Green Race – com poeira até agora

Redação Webrun | · 13 set, 2010

Pessoas corredoras queridas, quem aqui correu a Green Race? Porque eu corri, sofri um bocado mas a-do-rei. Não tem jeito, para correr tem que ter um lado meio masoquista. Onde já se viu gostar de subir piramba num calor estilo Zâmbia, com a umidade do ar tão baixa que a respiração raspava dentro do nariz e da garganta?

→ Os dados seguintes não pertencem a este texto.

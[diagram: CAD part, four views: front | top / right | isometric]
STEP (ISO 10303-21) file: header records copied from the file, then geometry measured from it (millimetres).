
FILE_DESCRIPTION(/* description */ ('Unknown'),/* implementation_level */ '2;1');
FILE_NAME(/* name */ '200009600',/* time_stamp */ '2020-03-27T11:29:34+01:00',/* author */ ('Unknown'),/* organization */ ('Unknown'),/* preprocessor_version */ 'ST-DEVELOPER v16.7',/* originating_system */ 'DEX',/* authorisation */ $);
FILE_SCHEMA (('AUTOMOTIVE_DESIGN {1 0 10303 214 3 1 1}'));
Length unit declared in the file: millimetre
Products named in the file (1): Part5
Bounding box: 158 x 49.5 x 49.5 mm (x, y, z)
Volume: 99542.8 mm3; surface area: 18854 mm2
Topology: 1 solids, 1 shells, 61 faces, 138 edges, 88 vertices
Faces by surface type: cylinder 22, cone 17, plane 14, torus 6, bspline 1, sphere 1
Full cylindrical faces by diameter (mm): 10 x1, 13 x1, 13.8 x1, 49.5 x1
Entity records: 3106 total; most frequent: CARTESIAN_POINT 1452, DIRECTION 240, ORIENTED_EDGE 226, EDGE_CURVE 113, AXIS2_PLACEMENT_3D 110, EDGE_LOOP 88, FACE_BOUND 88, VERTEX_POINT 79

Acreditem, até hoje tenho a sensação de que ficou poeira e terra dentro de mim e se eu tossir vai sair uma nuvenzinha terracota. E olha que eu corri só 10K, o que deveria ser um treininho básico e tranquilo. Mas aqueles 4K do começo foram pra separar os homens dos meninos e as mulheres das meninas – subida, subida, subida, descidinha e depois… mais subida. Isso 3 vezes.

Tinha hora que, como bem observou minha amiga Déa, as pessoas andando te ultrapassavam quando vc estava correndo, então o jeito era apelar para o trekkão. Eu quase achei que ia ter que parar no km3, pq revirou tudo e achei que ia terminar a prova conferenciando com o hugo. Mas aí bateu aquela indignação: PARAR?? COMO ASSIM POR EXEMPLO PARAR?? NUMA PROVA DE 10K?? Nem pensar. Aí eu me levantei, bati a poeira do shorts (o que só fez subir uma nuvem de terra ainda maior) e sai correndo. Ou melhor correndinho, e só depois correndo mesmo.

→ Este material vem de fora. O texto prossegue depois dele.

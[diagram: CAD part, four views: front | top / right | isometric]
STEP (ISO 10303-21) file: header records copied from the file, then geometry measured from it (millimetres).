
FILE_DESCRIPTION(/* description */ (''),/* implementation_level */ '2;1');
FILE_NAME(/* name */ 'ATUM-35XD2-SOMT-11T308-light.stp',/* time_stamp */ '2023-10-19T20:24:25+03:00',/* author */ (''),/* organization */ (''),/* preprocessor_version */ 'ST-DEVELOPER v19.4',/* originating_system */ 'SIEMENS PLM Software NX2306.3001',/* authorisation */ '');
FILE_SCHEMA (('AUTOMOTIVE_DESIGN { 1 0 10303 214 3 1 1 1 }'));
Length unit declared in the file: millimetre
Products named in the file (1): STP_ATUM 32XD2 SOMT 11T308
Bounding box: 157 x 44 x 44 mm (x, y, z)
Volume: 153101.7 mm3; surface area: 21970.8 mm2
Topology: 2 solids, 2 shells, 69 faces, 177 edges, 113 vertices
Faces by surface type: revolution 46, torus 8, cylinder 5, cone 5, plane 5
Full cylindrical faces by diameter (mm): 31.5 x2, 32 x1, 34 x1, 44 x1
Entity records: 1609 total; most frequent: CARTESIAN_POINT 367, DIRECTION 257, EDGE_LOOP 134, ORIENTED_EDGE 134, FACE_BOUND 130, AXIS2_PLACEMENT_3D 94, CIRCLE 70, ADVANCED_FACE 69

E foi ótimo! Só pena que no percurso de 10K não teve trilha, só estradão de terra – mas mesmo assim o entorno da serra do Japi era bonito. E os participantes eram pessoas bem humoradas e não pentelhas, o que é um super plus. Ao invés daquele povo que fica gritando coisas absolutamente sem graça e se achando hilárias, as piadinhas eram realmente engraçadas e ninguém gritava. Até porque se vc gritasse perigava sua boca encher de poeira terracota.

Com todo esse astral, no km 6 fui me animando e a partir do 7K já estava feliz e correndo solta. Terminei alegrete, empoeirada e com SEDE. E olha que a hidratação da prova estava bem boa, água a vontade para todo mundo. só que ficou um gostinho de como assim já acabou? Fora que eu e a Déira ficamos pensando que para quem quer fazer uma ultra (ahá, aguardem próximo post para mais detalhes e cenas dos próximos capítulos), 10K era ridículo e a gente tinha que fazer disso um longão mais longo.

Resultado: voltamos o mesmo trajeto de volta, ignorando o ônibus da organização (que depois ficamos sabendo se perdeu). Essa foi a parte MAIS engraçada da prova. Voltamos sem compromisso com tempo, ritmo tranquilo, batendo papo e tentando achar alguma cahoeira legal no caminho (achamos, mas a água estava mais congelada do que pensávamos).

E aí sempre tinha umas almas boas que estavam indo de carro e nos viam ali e se compadeciam, provavelmente achando que as 2 mocinhas, coitadas, não viram que podia voltar de ônibus! Então todo mundo olhava com uma cara de “putz!” e perguntava se queríamos carona e olhava meio estranho quando agradecíamos e dizíamos que não, que tínhamos decidido voltar assim mesmo, a pé. Obrigada pessoas simpáticas! Foi ótimo saber que vocês nos dariam carona se algo desse errado. Mesmo.

Chegamos bem a tempo de sentar no boteco com uma coca gelada e assistir a chegada dos primeiros colocados e torcer pelas amigas que correram de equipe e levaram o 1º lugar no revezamento – maior orgulho de vcs meninas!

Enfim, um dia aprazível em Jundiaí – para quem como eu chama correr, suar, fazer força e mais força de aprazível.